Dass die New York Times nicht das ist, was viele in der Mainstream-Welt in ihr sehen, nämlich eine Art medialen Hort der Wahrheit, ist in kritischen Kreisen durchaus bekannt. Dass sie von einem anderen Mainstreammedium von ihrem heiligen Sockel heruntergestoßen wird, ist aber alles andere als eine Alltäglichkeit.
Genau dies ist nun geschehen, und zwar mit dem Beitrag der New York Post «New York Times’ AG Sulzberger gives us another reason to search elsewhere for fairness» (Die New York Times von Arthur Gregg Sulzberger gibt uns einen weiteren Grund, woanders nach Fairness zu suchen).
Die Post ist nicht so bedeutend wie die Times, ist ihre Printauflage doch nur knapp halb so hoch (140.000 im Vergleich zu knapp 300.000).

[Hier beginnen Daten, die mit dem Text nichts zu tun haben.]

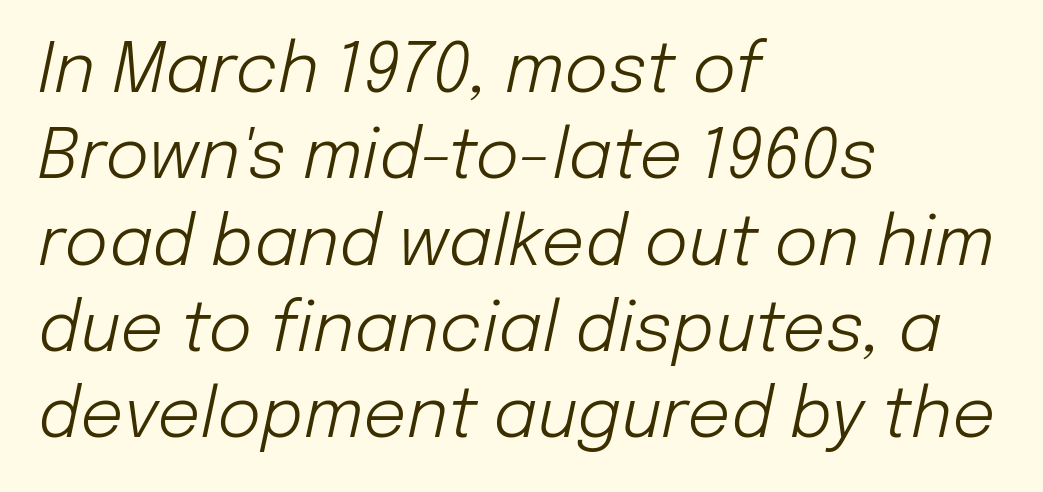
Q: Is the text bold? A: No.
Q: Is the text italic (slanted)? A: Yes, it leans right by about 12 degrees.
Q: Is the text underlined? A: No.
Q: How is the paragraph aligned? A: Left-aligned.
Q: Is the spacing between letters normal or unusually wide? A: Normal.
Q: Is the spacing between lines tight, normal or loose? A: Normal.
Q: Width (condensed, normal, or wide)? A: Normal.
Q: Stroke contrast? A: Low.
Q: x-height? A: Medium.
Q: Monospaced? A: No.

Doch letztlich handelt es sich auch um ein Mainstreammedium, das als konservative Boulevardzeitung eingestuft und von der mit Rupert Murdoch assoziierten News Corp. herausgegeben wird.
Allerdings glänzt die Post immer wieder mit unkonventionellen, kritischen Artikeln. 2020 etwa brachte die Zeitung einen «explosiven» Bericht über den «Laptop aus der Hölle» von Hunter Biden, dem Sohn von US-Präsident Joe Biden.
Dieser war unter anderem gespickt mit Beweisen für Einflussnahme und Drogenkonsum. «Big Tech» habe fast vier Jahre lang versucht, diese Enthüllung zu unterdrücken, so die Post, doch schließlich spielte das Gerät eine bedeutende Rolle im Prozess gegen den 54-Jährigen wegen Waffenbesitzes.
Die New York Times hat sich auch hier nicht mit Ruhm bekleckert. Konnte sie doch selbst im Juni dieses Jahres «immer noch nicht zugeben, dass Hunter Bidens Laptop echt ist», wie es die Post ausdrückte.
Oder nehmen wir den 2004 von der Post veröffentlichten Artikel «AIDS Tots Used as ‹Guniea Pigs›» (AIDS-Kinder als ‹Versuchskaninchen› benutzt). Dieser enthüllte, dass in US-weiten, teils von Pharmafirmen wie GlaxoSmithKline finanzierten Studien Medikamentencocktails von bis zu sieben Präparaten über Jahre hinweg an schwarzen und Latino-Kindern aus ärmlichsten Verhältnissen, darunter auch Babys, getestet worden waren. Folge: Die Kleinen erlitten Gehirn- und Knochenmarkschäden, Erblindungen, Schlaganfälle – und einige Kinder starben auch.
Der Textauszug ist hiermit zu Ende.